Version CI/CD Pipeline Python 3.10+ License: MIT Code style: ruff

MCP server for managing and searching Commodore 64 documentation. Ingest PDFs, text, Markdown, HTML, Excel, and web pages into a searchable knowledge base accessible via Claude Code or other MCP clients.

🚀 Quick Start

# 1. Install
python -m venv .venv
.venv\Scripts\activate
pip install -e .

# 2. Configure Claude Code
claude mcp add tdz-c64-knowledge -- .venv\Scripts\python.exe server.py

# 3. Add documents
.venv\Scripts\python.exe cli.py add-folder "C:\c64docs" --tags reference --recursive

# 4. Search via Claude Code
# Ask: "Search the C64 docs for VIC-II sprite registers"

See QUICKSTART.md for detailed setup.

Features

Search & Retrieval

  • FTS5 full-text search - 480x faster queries (50ms vs 24s)

  • Semantic search - Find by meaning, not keywords (e.g., "movable objects" → "sprites")

  • RAG question answering - Answer questions by synthesizing docs with citations

  • Fuzzy search - Typo tolerance ("VIC2" → "VIC-II", "asembly" → "assembly")

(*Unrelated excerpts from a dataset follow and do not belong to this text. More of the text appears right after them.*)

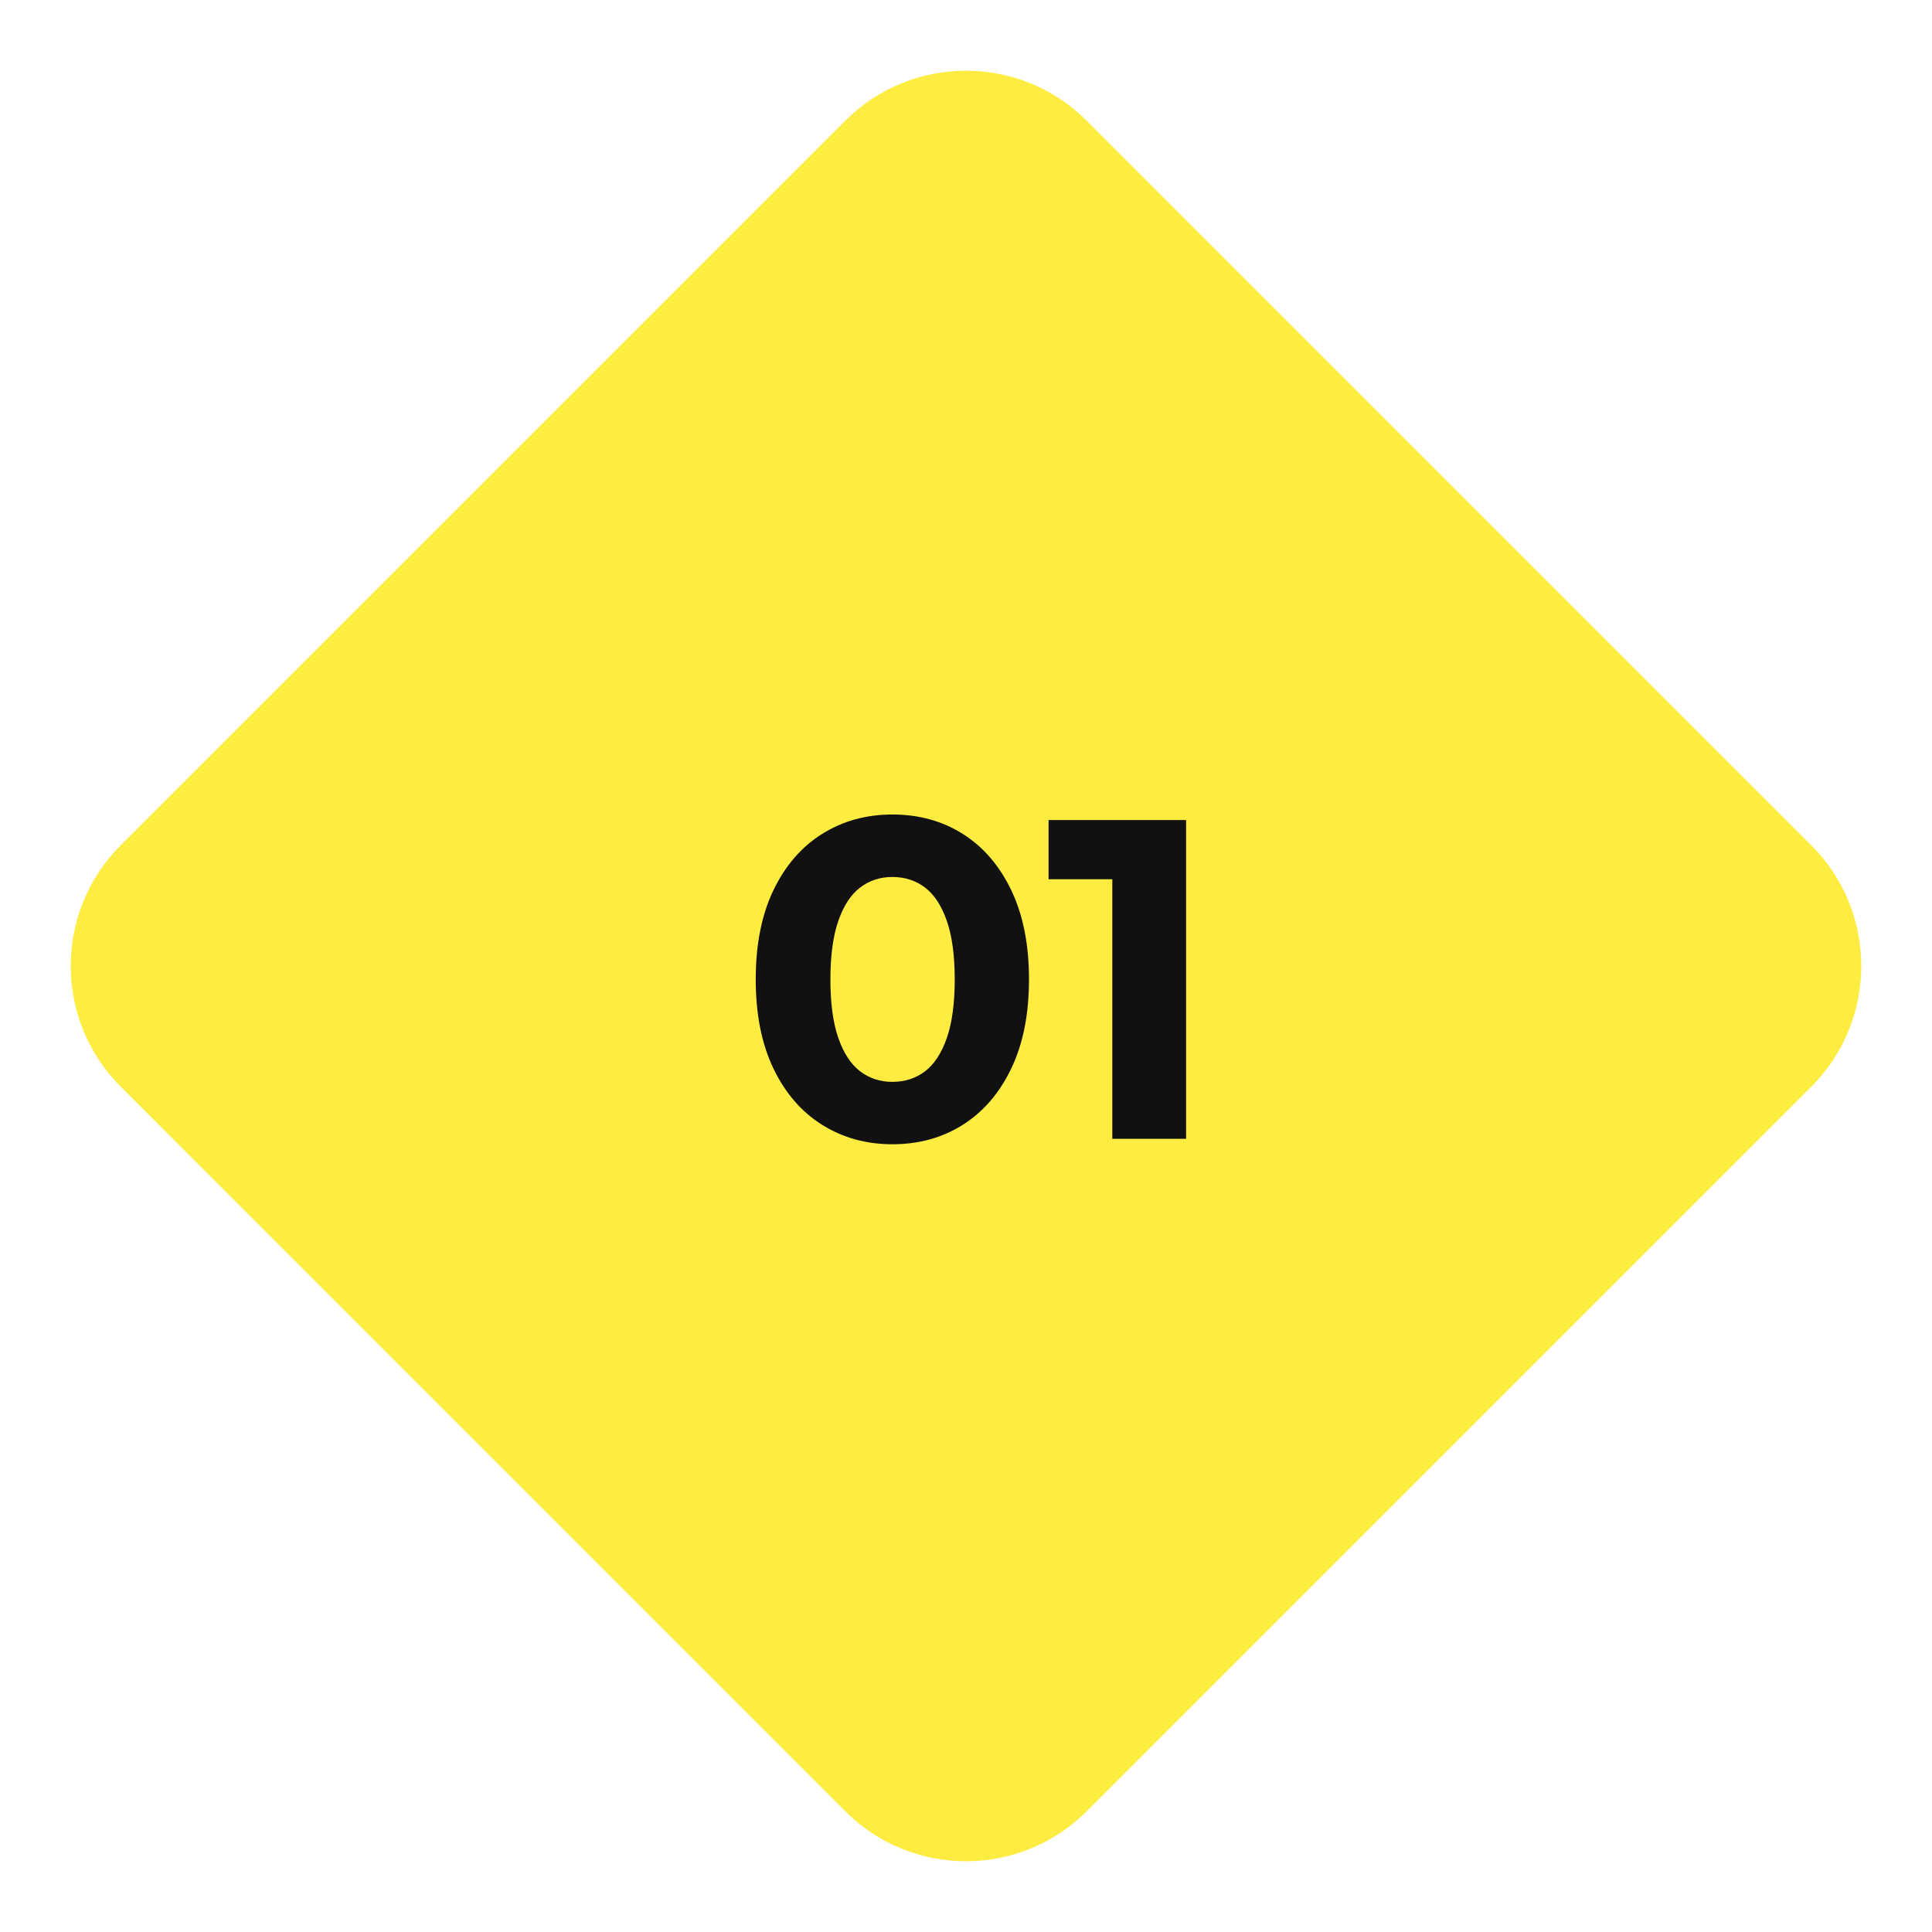 <?xml version="1.0" encoding="utf-8"?>
<!-- Generator: Adobe Illustrator 15.1.0, SVG Export Plug-In . SVG Version: 6.00 Build 0)  -->
<!DOCTYPE svg PUBLIC "-//W3C//DTD SVG 1.1//EN" "http://www.w3.org/Graphics/SVG/1.1/DTD/svg11.dtd">
<svg version="1.1" id="レイヤー_1" xmlns="http://www.w3.org/2000/svg" xmlns:xlink="http://www.w3.org/1999/xlink" x="0px"
	 y="0px" width="67.882px" height="67.882px" viewBox="0 0 67.882 67.882" enable-background="new 0 0 67.882 67.882"
	 xml:space="preserve">
<g id="グループ_225" transform="translate(-287.071 -4685.988)">
	<path id="長方形_168" fill="#FFEC41" d="M325.254,4690.23l25.457,25.456c2.342,2.343,2.342,6.143,0,8.484l-25.457,25.457
		c-2.343,2.343-6.142,2.343-8.485,0l-25.456-25.457c-2.343-2.342-2.343-6.142,0-8.484l25.456-25.456
		C319.113,4687.887,322.911,4687.887,325.254,4690.23z"/>
	<g enable-background="new    ">
		<path fill="#111111" d="M318.424,4726.192c-0.917,0-1.739-0.227-2.464-0.681c-0.726-0.453-1.296-1.111-1.712-1.976
			s-0.624-1.909-0.624-3.136s0.208-2.272,0.624-3.137c0.416-0.863,0.986-1.522,1.712-1.976c0.725-0.453,1.546-0.68,2.464-0.68
			c0.928,0,1.752,0.227,2.472,0.68s1.288,1.112,1.704,1.976c0.416,0.864,0.625,1.91,0.625,3.137s-0.209,2.271-0.625,3.136
			s-0.983,1.522-1.704,1.976C320.176,4725.966,319.352,4726.192,318.424,4726.192z M318.424,4724c0.438,0,0.819-0.122,1.144-0.368
			c0.325-0.245,0.582-0.635,0.768-1.168s0.28-1.221,0.28-2.063s-0.094-1.531-0.28-2.064s-0.443-0.923-0.768-1.168
			s-0.707-0.368-1.144-0.368c-0.427,0-0.803,0.123-1.128,0.368s-0.582,0.635-0.768,1.168s-0.28,1.222-0.28,2.064
			s0.093,1.53,0.28,2.063s0.443,0.923,0.768,1.168C317.621,4723.878,317.997,4724,318.424,4724z"/>
		<path fill="#111111" d="M326.153,4726v-10.24l1.119,1.12h-3.359v-2.08h4.832v11.2H326.153z"/>
	</g>
</g>
</svg>

  • Progressive refinement - Search within results to narrow down

  • Hybrid search - Combines keyword + semantic with configurable weighting

  • Similarity search - Discover related documentation automatically

  • Query preprocessing - NLTK stemming and stopword removal

  • Smart tagging - AI-powered tag suggestions by category

  • Table/code search - Search extracted tables and code blocks

Document Management

  • Multi-format - PDF, TXT, MD, HTML, Excel, web scraping

  • Duplicate detection - Content-based deduplication

  • Chunked retrieval - Get specific sections without loading entire docs

  • Metadata extraction - Author, subject, page numbers

  • Persistent index - Documents stay indexed between sessions

AI-Powered Features

  • Entity extraction - Extract hardware, memory addresses, instructions, concepts (5000x faster with C64 regex patterns)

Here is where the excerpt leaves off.